↓↓↓

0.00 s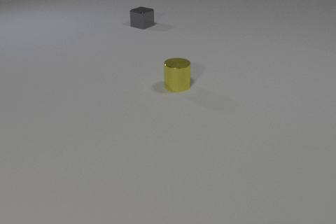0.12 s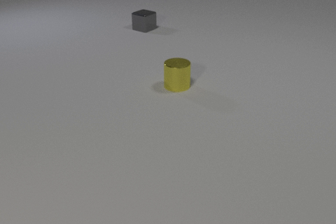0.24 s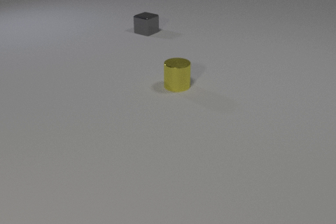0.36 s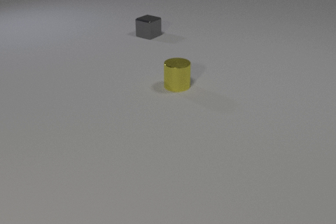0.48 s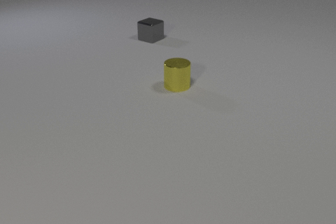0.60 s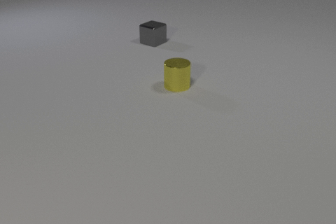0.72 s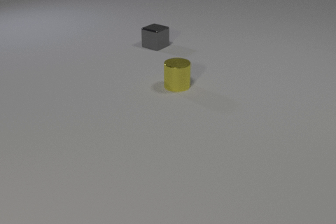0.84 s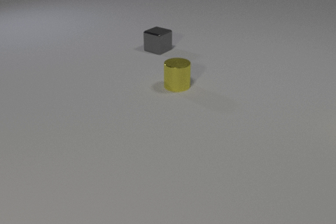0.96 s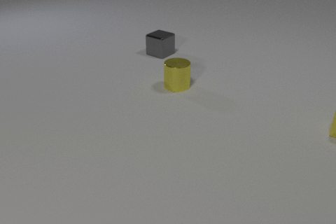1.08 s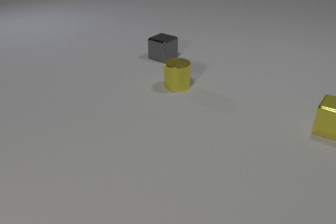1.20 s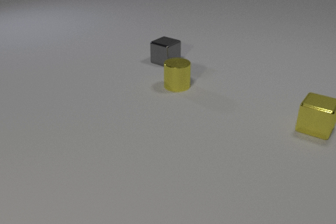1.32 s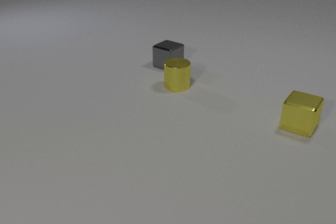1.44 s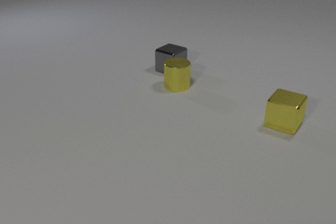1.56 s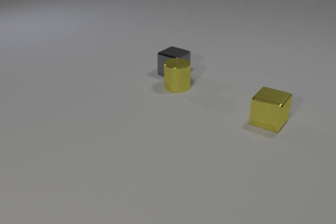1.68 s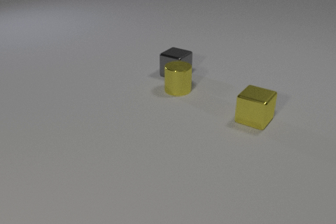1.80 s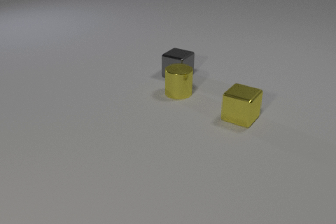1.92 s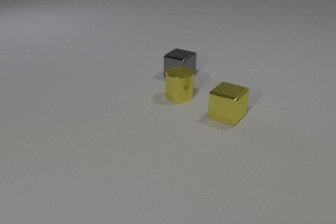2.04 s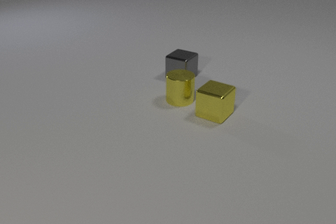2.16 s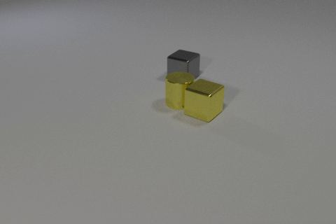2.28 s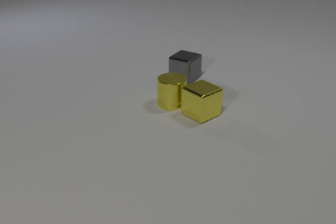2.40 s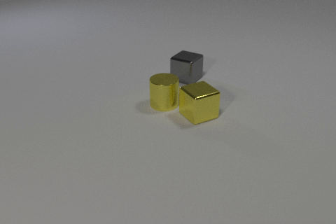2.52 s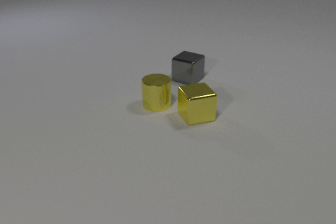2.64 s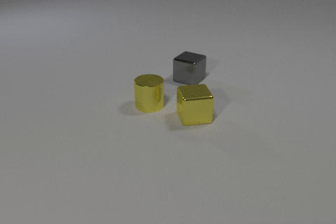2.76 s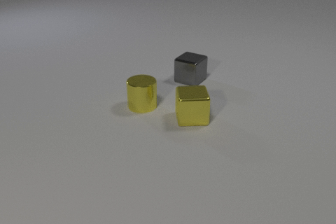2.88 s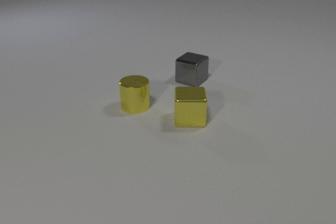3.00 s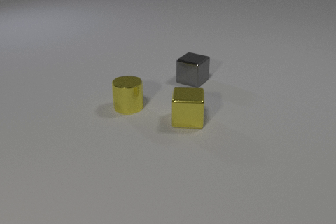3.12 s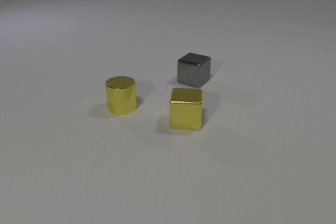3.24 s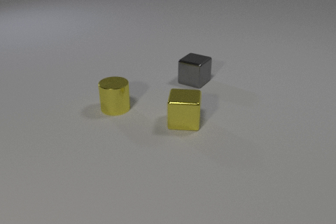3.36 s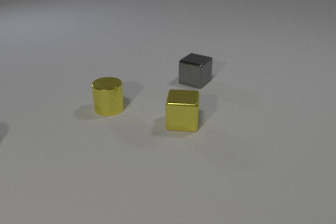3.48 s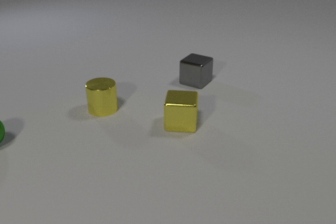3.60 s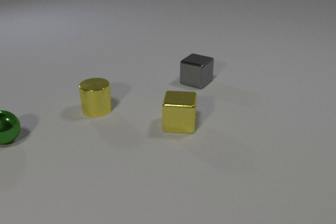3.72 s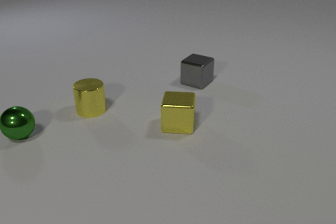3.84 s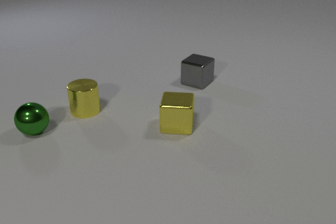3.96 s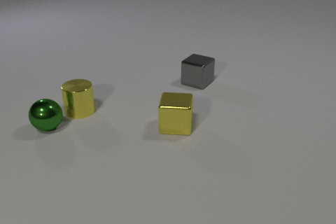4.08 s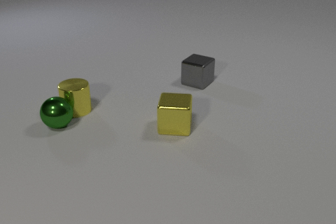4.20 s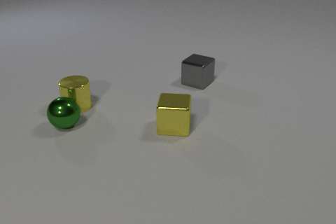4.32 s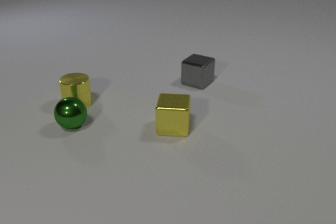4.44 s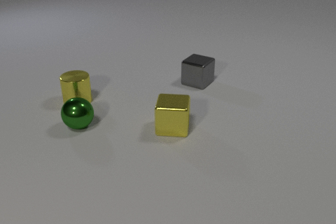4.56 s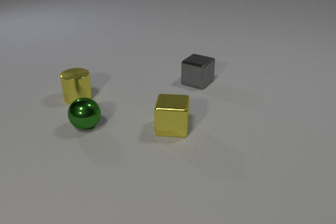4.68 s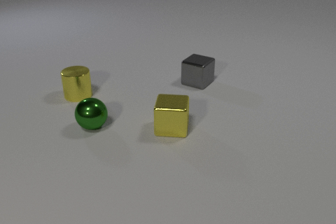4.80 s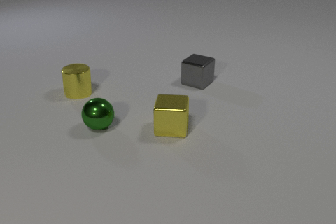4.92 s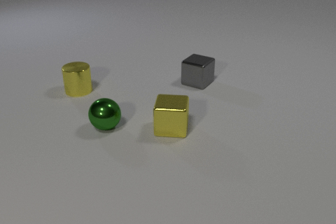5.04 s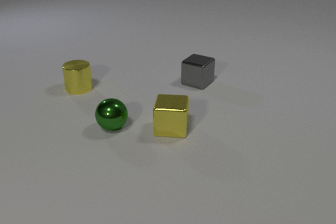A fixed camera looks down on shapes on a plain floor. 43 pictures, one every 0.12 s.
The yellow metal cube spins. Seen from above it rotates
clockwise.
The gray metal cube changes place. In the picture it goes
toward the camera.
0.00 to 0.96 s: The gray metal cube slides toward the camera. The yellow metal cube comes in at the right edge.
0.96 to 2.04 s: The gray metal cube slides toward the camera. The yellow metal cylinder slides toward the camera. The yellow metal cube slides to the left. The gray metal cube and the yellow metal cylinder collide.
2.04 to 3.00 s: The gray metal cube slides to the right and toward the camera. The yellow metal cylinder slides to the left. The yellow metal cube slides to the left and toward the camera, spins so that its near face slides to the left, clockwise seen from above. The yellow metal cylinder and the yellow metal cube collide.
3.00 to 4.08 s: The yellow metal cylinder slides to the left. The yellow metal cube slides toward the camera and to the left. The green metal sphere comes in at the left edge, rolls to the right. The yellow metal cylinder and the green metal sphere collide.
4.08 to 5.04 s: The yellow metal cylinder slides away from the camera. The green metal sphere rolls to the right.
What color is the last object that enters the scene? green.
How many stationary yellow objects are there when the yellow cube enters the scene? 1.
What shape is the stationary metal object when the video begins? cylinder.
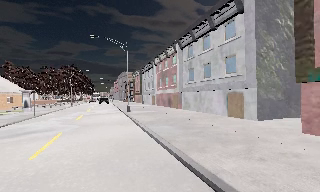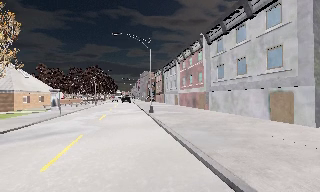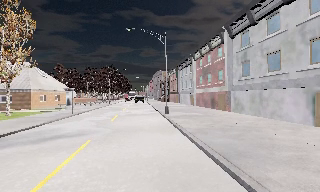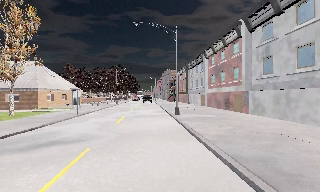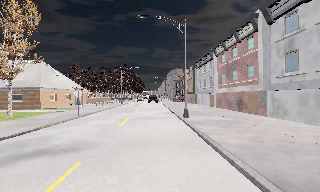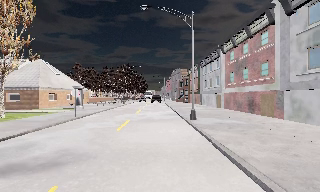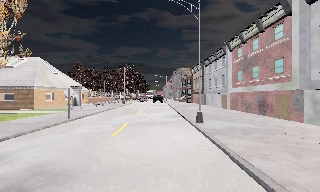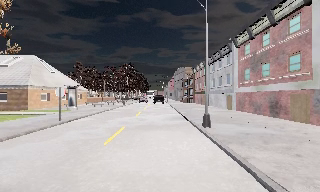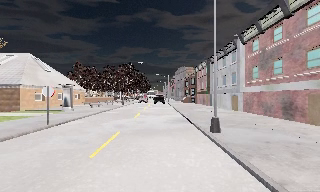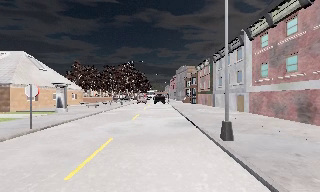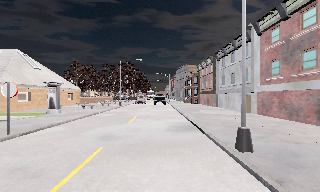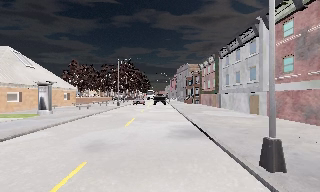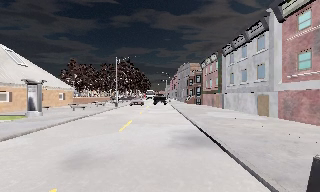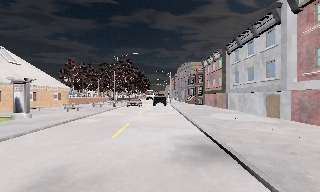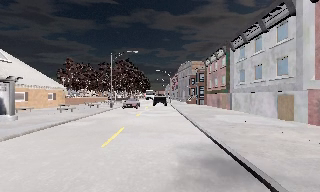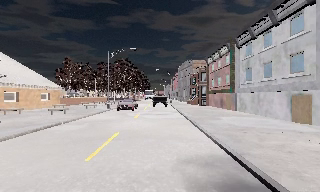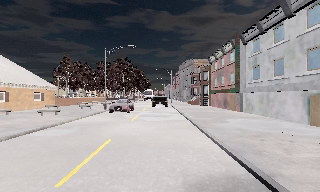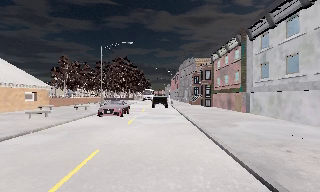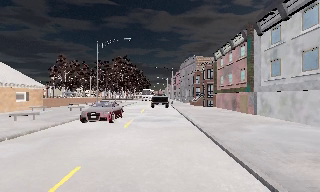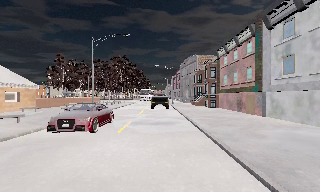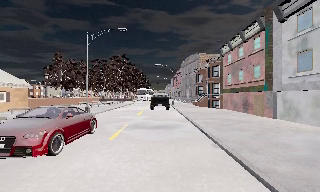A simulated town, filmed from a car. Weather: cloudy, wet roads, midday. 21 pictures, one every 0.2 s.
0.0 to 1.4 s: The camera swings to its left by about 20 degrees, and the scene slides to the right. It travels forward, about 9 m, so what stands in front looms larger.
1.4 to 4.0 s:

↑↑↑

Extract word for word every line from the line that contains "The yellow metal cube spins." to the final line of the data, both included, and nothing else; skip the pictures.

The yellow metal cube spins. Seen from above it rotates
clockwise.
The gray metal cube changes place. In the picture it goes
toward the camera.
0.00 to 0.96 s: The gray metal cube slides toward the camera. The yellow metal cube comes in at the right edge.
0.96 to 2.04 s: The gray metal cube slides toward the camera. The yellow metal cylinder slides toward the camera. The yellow metal cube slides to the left. The gray metal cube and the yellow metal cylinder collide.
2.04 to 3.00 s: The gray metal cube slides to the right and toward the camera. The yellow metal cylinder slides to the left. The yellow metal cube slides to the left and toward the camera, spins so that its near face slides to the left, clockwise seen from above. The yellow metal cylinder and the yellow metal cube collide.
3.00 to 4.08 s: The yellow metal cylinder slides to the left. The yellow metal cube slides toward the camera and to the left. The green metal sphere comes in at the left edge, rolls to the right. The yellow metal cylinder and the green metal sphere collide.
4.08 to 5.04 s: The yellow metal cylinder slides away from the camera. The green metal sphere rolls to the right.
What color is the last object that enters the scene? green.
How many stationary yellow objects are there when the yellow cube enters the scene? 1.
What shape is the stationary metal object when the video begins? cylinder.
A simulated town, filmed from a car. Weather: cloudy, wet roads, midday. 21 pictures, one every 0.2 s.
0.0 to 1.4 s: The camera swings to its left by about 20 degrees, and the scene slides to the right. It travels forward, about 9 m, so what stands in front looms larger.
1.4 to 4.0 s:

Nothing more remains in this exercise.